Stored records
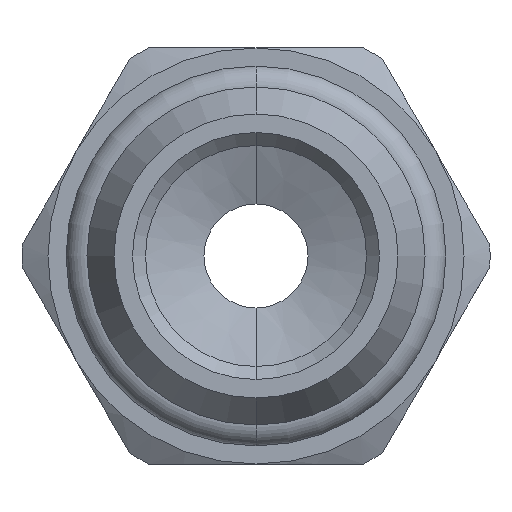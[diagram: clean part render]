
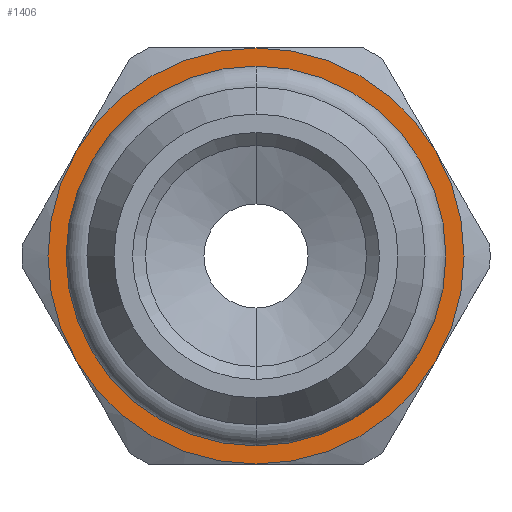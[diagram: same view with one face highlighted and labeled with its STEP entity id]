
A CAD part, front view. The second image highlights one B-rep face of the part: STEP entity #1406.
In plain terms, the highlighted planar face has unit normal (0, -1, 0).
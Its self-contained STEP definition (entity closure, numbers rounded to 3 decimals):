
#2 = DIRECTION ( 'NONE',  ( 0., 0., -1. ) ) ;
#3 = DIRECTION ( 'NONE',  ( 0., -1., 0. ) ) ;
#4 = CARTESIAN_POINT ( 'NONE',  ( 0., 6.5, 0. ) ) ;
#5 = AXIS2_PLACEMENT_3D ( 'NONE', #4, #3, #2 ) ;
#6 = CIRCLE ( 'NONE', #5, 8. ) ;
#11 = CARTESIAN_POINT ( 'NONE',  ( 0., 6.5, 8. ) ) ;
#42 = CARTESIAN_POINT ( 'NONE',  ( 0., 6.5, -8. ) ) ;
#108 = DIRECTION ( 'NONE',  ( 0., 0., -1. ) ) ;
#109 = DIRECTION ( 'NONE',  ( 0., -1., 0. ) ) ;
#110 = CARTESIAN_POINT ( 'NONE',  ( 0., 6.5, 0. ) ) ;
#111 = AXIS2_PLACEMENT_3D ( 'NONE', #110, #109, #108 ) ;
#112 = CIRCLE ( 'NONE', #111, 8. ) ;
#238 = CARTESIAN_POINT ( 'NONE',  ( 7.65, 6.5, 0. ) ) ;
#239 = AXIS2_PLACEMENT_3D ( 'NONE', #238, #258, #257 ) ;
#257 = DIRECTION ( 'NONE',  ( 0., 0., -1. ) ) ;
#258 = DIRECTION ( 'NONE',  ( 0., -1., 0. ) ) ;
#322 = FACE_BOUND ( 'NONE', #1416, .T. ) ;
#323 = FACE_OUTER_BOUND ( 'NONE', #1445, .T. ) ;
#324 = PLANE ( 'NONE',  #239 ) ;
#423 = CARTESIAN_POINT ( 'NONE',  ( 0., 6.5, -7.305 ) ) ;
#438 = CARTESIAN_POINT ( 'NONE',  ( 0., 6.5, 7.305 ) ) ;
#439 = DIRECTION ( 'NONE',  ( 0., 0., -1. ) ) ;
#440 = DIRECTION ( 'NONE',  ( 0., 1., 0. ) ) ;
#441 = CARTESIAN_POINT ( 'NONE',  ( 0., 6.5, 0. ) ) ;
#442 = AXIS2_PLACEMENT_3D ( 'NONE', #441, #440, #439 ) ;
#443 = CIRCLE ( 'NONE', #442, 7.305 ) ;
#515 = CARTESIAN_POINT ( 'NONE',  ( 0., 6.5, 0. ) ) ;
#516 = AXIS2_PLACEMENT_3D ( 'NONE', #515, #524, #523 ) ;
#517 = CIRCLE ( 'NONE', #516, 7.305 ) ;
#523 = DIRECTION ( 'NONE',  ( 0., 0., -1. ) ) ;
#524 = DIRECTION ( 'NONE',  ( 0., 1., 0. ) ) ;
#1306 = VERTEX_POINT ( 'NONE', #11 ) ;
#1309 = VERTEX_POINT ( 'NONE', #42 ) ;
#1312 = EDGE_CURVE ( 'NONE', #1309, #1306, #6, .T. ) ;
#1390 = ORIENTED_EDGE ( 'NONE', *, *, #1535, .T. ) ;
#1393 = EDGE_CURVE ( 'NONE', #1306, #1309, #112, .T. ) ;
#1406 = ADVANCED_FACE ( 'NONE', ( #323, #322 ), #324, .T. ) ;
#1416 = EDGE_LOOP ( 'NONE', ( #1547, #1390 ) ) ;
#1445 = EDGE_LOOP ( 'NONE', ( #1548, #1470 ) ) ;
#1470 = ORIENTED_EDGE ( 'NONE', *, *, #1393, .T. ) ;
#1515 = VERTEX_POINT ( 'NONE', #423 ) ;
#1535 = EDGE_CURVE ( 'NONE', #1536, #1515, #443, .T. ) ;
#1536 = VERTEX_POINT ( 'NONE', #438 ) ;
#1539 = EDGE_CURVE ( 'NONE', #1515, #1536, #517, .T. ) ;
#1547 = ORIENTED_EDGE ( 'NONE', *, *, #1539, .T. ) ;
#1548 = ORIENTED_EDGE ( 'NONE', *, *, #1312, .T. ) ;
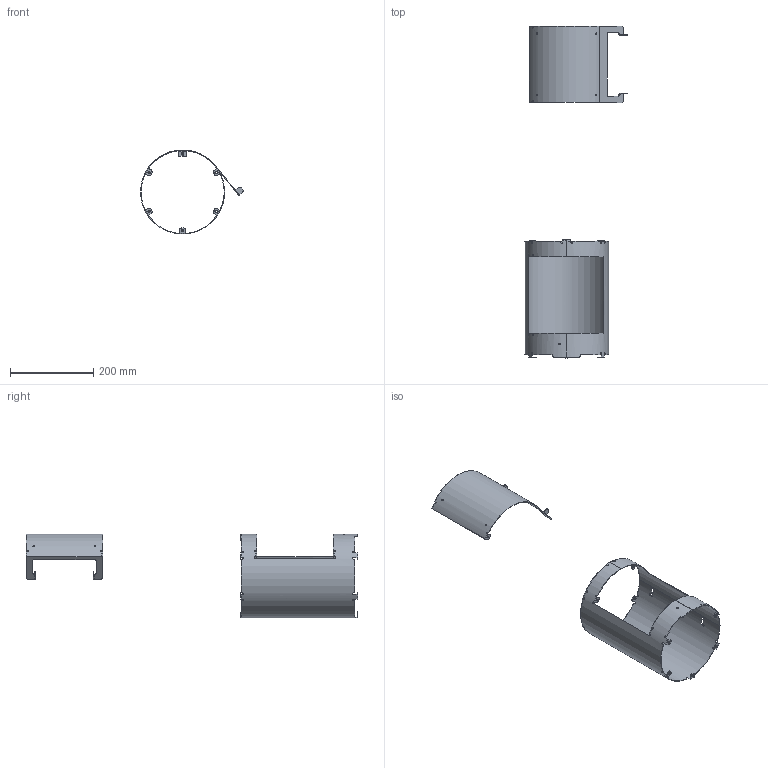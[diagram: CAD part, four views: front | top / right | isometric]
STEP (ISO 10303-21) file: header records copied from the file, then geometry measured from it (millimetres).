
FILE_DESCRIPTION(('HOOPS Exchange Step'),'2;1');
FILE_NAME('temp_export','2025-06-28T12:29:33-07:00',('es'),('Shapr3D Limited'),'HOOPS Exchange 2024.8','Shapr3D','Authorized');
FILE_SCHEMA( ('AP242_MANAGED_MODEL_BASED_3D_ENGINEERING_MIM_LF {1 0 10303 442 1 1 4}') );
Length unit declared in the file: millimetre
Products named in the file (1): root
Bounding box: 246.61 x 798.63 x 202 mm (x, y, z)
Volume: 180577.7 mm3; surface area: 360936.6 mm2
Topology: 2 solids, 2 shells, 401 faces, 1193 edges, 796 vertices
Faces by surface type: plane 200, cylinder 169, torus 31, bspline 1
Full cylindrical faces by diameter (mm): 4.1 x5, 4.25 x4, 5 x1
Entity records: 20732 total; most frequent: CARTESIAN_POINT 10021, ORIENTED_EDGE 2386, DIRECTION 2051, EDGE_CURVE 1193, VERTEX_POINT 796, AXIS2_PLACEMENT_3D 704, VECTOR 643, LINE 643
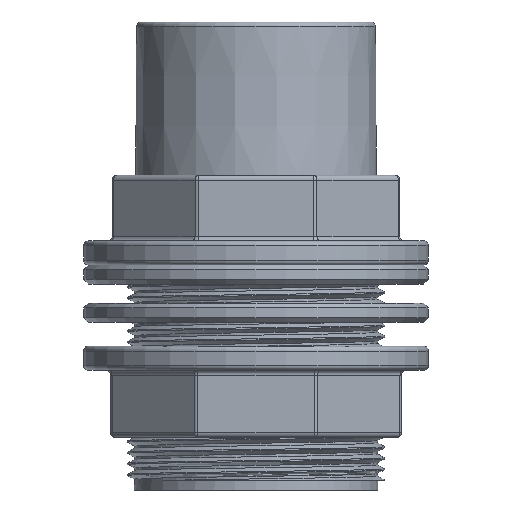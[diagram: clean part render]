
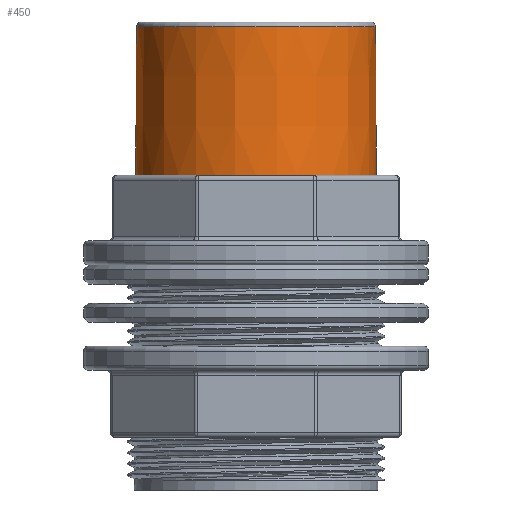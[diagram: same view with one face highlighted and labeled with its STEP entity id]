
A CAD part, front view. The second image highlights one B-rep face of the part: STEP entity #450.
In plain terms, the highlighted conical face has half-angle 0.267 degrees and reference radius 25.1 mm.
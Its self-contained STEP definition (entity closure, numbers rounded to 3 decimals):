
#115=CONICAL_SURFACE('',#2047,25.1,0.267);
#125=FACE_BOUND('',#730,.T.);
#126=FACE_BOUND('',#731,.T.);
#450=ADVANCED_FACE('',(#125,#126),#115,.T.);
#730=EDGE_LOOP('',(#1060));
#731=EDGE_LOOP('',(#1061));
#905=CIRCLE('',#2045,24.956);
#906=CIRCLE('',#2046,25.1);
#1060=ORIENTED_EDGE('',*,*,#1757,.T.);
#1061=ORIENTED_EDGE('',*,*,#1758,.F.);
#1594=VERTEX_POINT('',#4336);
#1595=VERTEX_POINT('',#4338);
#1757=EDGE_CURVE('',#1594,#1594,#905,.T.);
#1758=EDGE_CURVE('',#1595,#1595,#906,.T.);
#2045=AXIS2_PLACEMENT_3D('',#4335,#2343,#2344);
#2046=AXIS2_PLACEMENT_3D('',#4337,#2345,#2346);
#2047=AXIS2_PLACEMENT_3D('',#4339,#2347,#2348);
#2343=DIRECTION('',(0.,0.,-1.));
#2344=DIRECTION('',(1.,0.,0.));
#2345=DIRECTION('',(0.,0.,-1.));
#2346=DIRECTION('',(1.,0.,0.));
#2347=DIRECTION('',(0.,0.,-1.));
#2348=DIRECTION('',(1.,0.,0.));
#4335=CARTESIAN_POINT('',(0.,168.,96.705));
#4336=CARTESIAN_POINT('',(24.956,168.,96.705));
#4337=CARTESIAN_POINT('',(0.,168.,65.7));
#4338=CARTESIAN_POINT('',(25.1,168.,65.7));
#4339=CARTESIAN_POINT('',(0.,168.,65.7));

Aim of the task
Your task is to restate, word for word, only those lines above that fall between the line holding "#438 = CARTESIAN_POINT" and the line holding "#1547 = ORIENTED_EDGE", inclusive.

Task output
#438 = CARTESIAN_POINT ( 'NONE',  ( 0., 6.5, 7.305 ) ) ;
#439 = DIRECTION ( 'NONE',  ( 0., 0., -1. ) ) ;
#440 = DIRECTION ( 'NONE',  ( 0., 1., 0. ) ) ;
#441 = CARTESIAN_POINT ( 'NONE',  ( 0., 6.5, 0. ) ) ;
#442 = AXIS2_PLACEMENT_3D ( 'NONE', #441, #440, #439 ) ;
#443 = CIRCLE ( 'NONE', #442, 7.305 ) ;
#515 = CARTESIAN_POINT ( 'NONE',  ( 0., 6.5, 0. ) ) ;
#516 = AXIS2_PLACEMENT_3D ( 'NONE', #515, #524, #523 ) ;
#517 = CIRCLE ( 'NONE', #516, 7.305 ) ;
#523 = DIRECTION ( 'NONE',  ( 0., 0., -1. ) ) ;
#524 = DIRECTION ( 'NONE',  ( 0., 1., 0. ) ) ;
#1306 = VERTEX_POINT ( 'NONE', #11 ) ;
#1309 = VERTEX_POINT ( 'NONE', #42 ) ;
#1312 = EDGE_CURVE ( 'NONE', #1309, #1306, #6, .T. ) ;
#1390 = ORIENTED_EDGE ( 'NONE', *, *, #1535, .T. ) ;
#1393 = EDGE_CURVE ( 'NONE', #1306, #1309, #112, .T. ) ;
#1406 = ADVANCED_FACE ( 'NONE', ( #323, #322 ), #324, .T. ) ;
#1416 = EDGE_LOOP ( 'NONE', ( #1547, #1390 ) ) ;
#1445 = EDGE_LOOP ( 'NONE', ( #1548, #1470 ) ) ;
#1470 = ORIENTED_EDGE ( 'NONE', *, *, #1393, .T. ) ;
#1515 = VERTEX_POINT ( 'NONE', #423 ) ;
#1535 = EDGE_CURVE ( 'NONE', #1536, #1515, #443, .T. ) ;
#1536 = VERTEX_POINT ( 'NONE', #438 ) ;
#1539 = EDGE_CURVE ( 'NONE', #1515, #1536, #517, .T. ) ;
#1547 = ORIENTED_EDGE ( 'NONE', *, *, #1539, .T. ) ;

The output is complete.